Но не буду злоупотреблять, а то не сколько-то там воспоминаний получается, а «Сколько-то там оттенков серого». Кстати, эти «оттенки» свидетельствуют об упрощении до скотского читательских вкусов и о всеобщей деградации литературы.

Как и музыки… да и в целом – массового искусства, подмененного плебейским и коррумпированным телевидением.

Блок писал: «На бездонных глубинах духа, где человек перестаёт быть человеком, на глубинах, недоступных для государства и общества, созданных цивилизацией, – катятся звуковые волны, подобные волнам эфира, объемлющим вселенную; там идут ритмические колебания, подобные, процессам, образующим горы, ветры, морские течения, растительный и животный мир».

Воспоминания – всегда ерш. Из смешного и серьезного, из грустного и светлого, из «да» и «нет», из «ага» и «ого!» Этот ерш, порой, пьянит не хуже вина.

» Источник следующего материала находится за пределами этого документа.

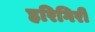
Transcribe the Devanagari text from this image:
हरिगिरी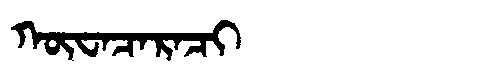
Manchu: ᡴᡡᠸᠠᠴᠠᡵᠠᠴᡳ
Romanization: KŪWACARACI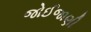
જોઈજાણી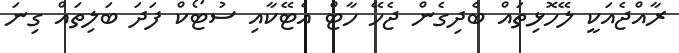
ރާއްޖެއަކީ ލޭހޮޅިތައް ބެދިގެން ޖެހޭ ހާޓް އެޓޭކާއި ސުޓޯކް ފަދަ ބަލިތައް ގިނަ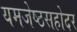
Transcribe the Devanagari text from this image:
यमजेष्ठसहोदर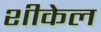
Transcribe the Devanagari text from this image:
शीकेल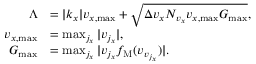
\begin{array} { r l } { \Lambda } & { = | k _ { x } | v _ { x , \operatorname* { m a x } } + \sqrt { \Delta v _ { x } N _ { v _ { x } } v _ { x , \operatorname* { m a x } } G _ { \operatorname* { m a x } } } , } \\ { v _ { x , \operatorname* { m a x } } } & { = \operatorname* { m a x } _ { j _ { x } } | v _ { j _ { x } } | , } \\ { G _ { \operatorname* { m a x } } } & { = \operatorname* { m a x } _ { j _ { x } } | v _ { j _ { x } } f _ { \mathrm { M } } ( v _ { v _ { j _ { x } } } ) | . } \end{array}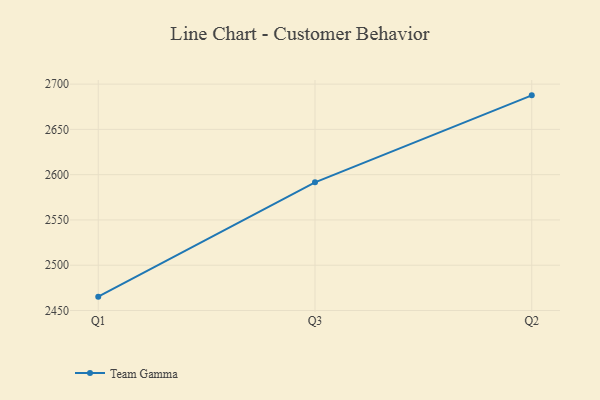
{"axis": {"x": "Quarter", "y": "Temperature (°C)"}, "legend": ["Team Gamma"], "data": [{"x": "Q1", "y": 2465.3, "type": "Team Gamma"}, {"x": "Q3", "y": 2591.5, "type": "Team Gamma"}, {"x": "Q2", "y": 2687.6, "type": "Team Gamma"}]}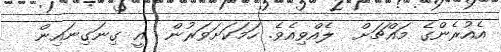
އެއުރެންގެ މައްޗަށް  ލެއްވިއެވެ. ހަމަކަށަވަރުން  އީ ގިނަގިނައިން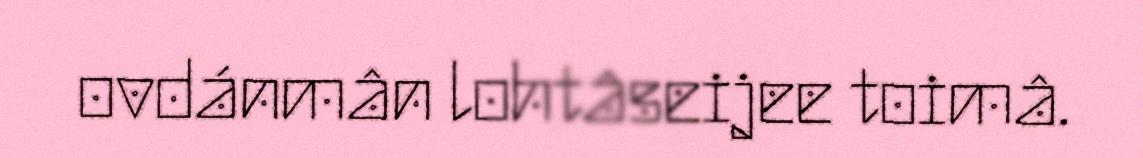
ovdánmân lohtâseijee toimâ.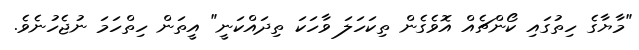
"މާޔާގެ ހިތުގައި ކޯންޗެއް އޮވެގެން ތިކަހަލަ ވާހަކަ ތިދައްކަނީ" އީތަން ހިތްހަމަ ނުޖެހުނެވެ.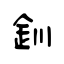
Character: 釧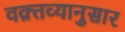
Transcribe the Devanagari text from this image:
वक़्तव्यानुसार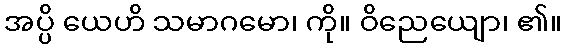
အပ္ပိ ယေဟိ သမာဂမော၊ ကို။ ဝိညေယျော၊ ၏။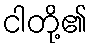
ငါတို့၏

Взросление мое было немного противным, так как я не получил детского опыта общения с людьми. В результате вел себя в обществе, как дома – или с бездумной искренностью, или в угрюмой отстраненности. А проявления юношеской сексуальности вообще выглядели по-дурацки. Как понимаю сейчас, анализируя эти полудетские архивы памяти.

Я как бы пытался играть с людьми в «бери и помни», но им чужды были мои ассоциации с куриной ключицей, ломая которую средний брат и мама проигрывали, а старший брат всегда выигрывал. А папы уже скоро не было, мама получала за потерю кормильца 69 руб, а я до совершеннолетия – 30. братья были неинтересны, да и не очень-то их интересовал младший брат.

Зато юношеских прыщей у меня никогда не было, да здравствуют солнце, воздух и все остальное, что укрепляет организм.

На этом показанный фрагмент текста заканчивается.